From the customer's perspective, it looked like an automated tool — the summary arrived roughly ten minutes after the meeting ended. This way, the founders handled around a hundred meetings, and the revenue covered their San Francisco rent. Taking notes by hand also showed them exactly what a high-quality note should look like, which later directly shaped the development of the real AI.

Once demand was proven, the team built a real transcription engine (working by the end of 2018). The "two guys surviving on pizza" experiment grew into a company worth over a billion dollars.

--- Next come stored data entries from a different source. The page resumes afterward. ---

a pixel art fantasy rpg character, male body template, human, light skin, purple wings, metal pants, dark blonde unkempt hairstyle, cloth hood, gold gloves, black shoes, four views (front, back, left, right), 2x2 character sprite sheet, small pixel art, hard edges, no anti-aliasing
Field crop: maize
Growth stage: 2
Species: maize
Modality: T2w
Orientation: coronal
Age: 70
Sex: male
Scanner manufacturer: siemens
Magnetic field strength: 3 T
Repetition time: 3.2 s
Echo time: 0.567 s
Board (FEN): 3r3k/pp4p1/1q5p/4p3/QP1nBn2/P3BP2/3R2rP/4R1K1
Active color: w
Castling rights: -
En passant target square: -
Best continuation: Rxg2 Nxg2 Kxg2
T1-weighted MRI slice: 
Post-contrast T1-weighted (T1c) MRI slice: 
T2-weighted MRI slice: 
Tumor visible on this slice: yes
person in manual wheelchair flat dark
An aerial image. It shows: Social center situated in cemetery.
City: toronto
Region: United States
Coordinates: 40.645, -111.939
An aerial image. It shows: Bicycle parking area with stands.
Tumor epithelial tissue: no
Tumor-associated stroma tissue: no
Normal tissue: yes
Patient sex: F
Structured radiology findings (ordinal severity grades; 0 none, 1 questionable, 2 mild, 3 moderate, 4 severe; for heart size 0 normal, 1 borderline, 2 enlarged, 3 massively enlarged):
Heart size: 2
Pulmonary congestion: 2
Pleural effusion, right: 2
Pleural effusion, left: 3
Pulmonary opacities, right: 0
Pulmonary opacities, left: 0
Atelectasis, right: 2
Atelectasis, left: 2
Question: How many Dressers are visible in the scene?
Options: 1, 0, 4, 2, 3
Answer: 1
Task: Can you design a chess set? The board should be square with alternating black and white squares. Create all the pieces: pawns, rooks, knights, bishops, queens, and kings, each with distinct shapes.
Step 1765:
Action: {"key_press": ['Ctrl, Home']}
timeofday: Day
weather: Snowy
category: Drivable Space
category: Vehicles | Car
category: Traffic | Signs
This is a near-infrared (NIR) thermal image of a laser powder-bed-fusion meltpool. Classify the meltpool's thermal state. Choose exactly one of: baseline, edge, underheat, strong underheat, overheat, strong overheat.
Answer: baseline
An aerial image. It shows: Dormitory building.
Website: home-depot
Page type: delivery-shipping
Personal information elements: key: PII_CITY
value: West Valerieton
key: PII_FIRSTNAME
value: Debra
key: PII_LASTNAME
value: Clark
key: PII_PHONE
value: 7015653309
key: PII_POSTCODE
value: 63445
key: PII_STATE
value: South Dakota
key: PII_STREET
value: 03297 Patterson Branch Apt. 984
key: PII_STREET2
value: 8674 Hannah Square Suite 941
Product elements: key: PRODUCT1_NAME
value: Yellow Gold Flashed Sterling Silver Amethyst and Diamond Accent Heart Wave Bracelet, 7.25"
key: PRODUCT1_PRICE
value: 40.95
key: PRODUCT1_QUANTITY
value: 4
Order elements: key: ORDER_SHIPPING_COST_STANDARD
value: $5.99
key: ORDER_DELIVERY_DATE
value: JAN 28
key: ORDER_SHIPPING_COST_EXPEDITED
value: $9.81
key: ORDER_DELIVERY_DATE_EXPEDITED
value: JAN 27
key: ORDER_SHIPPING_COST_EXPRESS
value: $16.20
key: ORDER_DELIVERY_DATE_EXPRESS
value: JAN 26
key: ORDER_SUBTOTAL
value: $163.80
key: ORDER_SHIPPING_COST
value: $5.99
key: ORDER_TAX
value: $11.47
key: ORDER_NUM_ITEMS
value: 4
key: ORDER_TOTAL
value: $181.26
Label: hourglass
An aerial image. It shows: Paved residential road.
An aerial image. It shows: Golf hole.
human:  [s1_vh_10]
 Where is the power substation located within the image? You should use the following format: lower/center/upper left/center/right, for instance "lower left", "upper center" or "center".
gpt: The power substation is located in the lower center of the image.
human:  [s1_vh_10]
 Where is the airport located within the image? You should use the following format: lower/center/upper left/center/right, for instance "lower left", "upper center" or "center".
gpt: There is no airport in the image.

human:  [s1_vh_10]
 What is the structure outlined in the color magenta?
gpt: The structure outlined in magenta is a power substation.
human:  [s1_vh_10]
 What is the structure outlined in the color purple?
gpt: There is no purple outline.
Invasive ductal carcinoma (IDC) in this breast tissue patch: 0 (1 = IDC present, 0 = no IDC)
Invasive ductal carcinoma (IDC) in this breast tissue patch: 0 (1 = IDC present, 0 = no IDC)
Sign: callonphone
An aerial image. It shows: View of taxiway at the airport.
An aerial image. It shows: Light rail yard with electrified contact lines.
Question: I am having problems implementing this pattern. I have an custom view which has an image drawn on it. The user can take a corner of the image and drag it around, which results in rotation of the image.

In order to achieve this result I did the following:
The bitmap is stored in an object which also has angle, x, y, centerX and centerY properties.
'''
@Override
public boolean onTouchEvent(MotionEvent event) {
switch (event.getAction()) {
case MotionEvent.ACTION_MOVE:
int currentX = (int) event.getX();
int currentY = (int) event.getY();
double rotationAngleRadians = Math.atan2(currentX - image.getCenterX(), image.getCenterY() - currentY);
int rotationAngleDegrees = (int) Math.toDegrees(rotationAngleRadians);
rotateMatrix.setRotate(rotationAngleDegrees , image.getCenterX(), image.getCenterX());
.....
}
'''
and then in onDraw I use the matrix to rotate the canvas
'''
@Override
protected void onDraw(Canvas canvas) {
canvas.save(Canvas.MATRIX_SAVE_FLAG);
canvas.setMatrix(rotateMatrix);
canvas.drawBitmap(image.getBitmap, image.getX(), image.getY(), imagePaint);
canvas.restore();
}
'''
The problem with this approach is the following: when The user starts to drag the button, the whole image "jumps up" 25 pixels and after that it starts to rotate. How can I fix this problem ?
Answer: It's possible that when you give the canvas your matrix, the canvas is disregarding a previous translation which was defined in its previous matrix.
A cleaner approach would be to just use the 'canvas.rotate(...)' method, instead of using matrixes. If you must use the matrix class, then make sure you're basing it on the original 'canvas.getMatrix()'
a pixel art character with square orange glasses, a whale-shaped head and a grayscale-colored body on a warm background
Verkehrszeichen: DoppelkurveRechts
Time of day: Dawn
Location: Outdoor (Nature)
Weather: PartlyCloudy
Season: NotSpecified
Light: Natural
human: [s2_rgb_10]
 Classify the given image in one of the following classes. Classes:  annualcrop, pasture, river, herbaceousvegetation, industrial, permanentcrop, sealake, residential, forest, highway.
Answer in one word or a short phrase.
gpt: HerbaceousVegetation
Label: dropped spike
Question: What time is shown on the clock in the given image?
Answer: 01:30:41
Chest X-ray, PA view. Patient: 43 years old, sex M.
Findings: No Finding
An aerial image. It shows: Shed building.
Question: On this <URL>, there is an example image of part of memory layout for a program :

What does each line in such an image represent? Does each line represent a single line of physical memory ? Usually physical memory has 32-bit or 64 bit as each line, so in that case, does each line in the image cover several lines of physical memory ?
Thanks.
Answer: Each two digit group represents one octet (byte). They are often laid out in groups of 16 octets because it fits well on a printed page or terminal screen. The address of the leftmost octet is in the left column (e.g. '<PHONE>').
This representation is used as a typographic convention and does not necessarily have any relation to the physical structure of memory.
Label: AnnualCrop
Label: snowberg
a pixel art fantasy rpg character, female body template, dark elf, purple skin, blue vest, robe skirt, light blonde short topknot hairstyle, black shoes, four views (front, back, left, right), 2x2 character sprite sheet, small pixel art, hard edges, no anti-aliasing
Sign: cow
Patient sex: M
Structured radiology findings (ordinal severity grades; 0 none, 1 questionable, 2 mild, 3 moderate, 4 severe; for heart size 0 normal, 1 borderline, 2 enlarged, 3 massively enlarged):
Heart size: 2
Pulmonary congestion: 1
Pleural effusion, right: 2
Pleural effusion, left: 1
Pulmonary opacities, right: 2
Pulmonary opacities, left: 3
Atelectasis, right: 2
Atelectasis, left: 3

What Can Be Tested With This Experiment?

The method's main strength is validating whether real demand for an automated solution exists, before you build expensive technology. In particular, you can test:

Demand validation: whether people actually want the proposed product. The signal is that they complete the key action (place an order, sign up, use a given part of the app) even when the output arrives manually and with a delay.
Automation output validation: whether the output of the automation has the expected quality and form. The signal is that people use the service repeatedly.
Willingness-to-pay validation: whether the interest is strong enough to pay for. The signal is a real payment or a binding order for the simulated service.
Interaction and expectation validation: how users use the interface and what they expect from it. The signal is the points where they get stuck and the steps they skip.
Language and intent validation for AI and voice interfaces: how people phrase their queries and which words they understand. The signal is the natural phrasings the wizard captures without a real algorithm.
Understanding the effort to build final automation solution: understand what tasks are required to deliver the output to the user and if they can be actually automated. The signal is a map of the manual steps that will later need to be automated, which serves as a roadmap.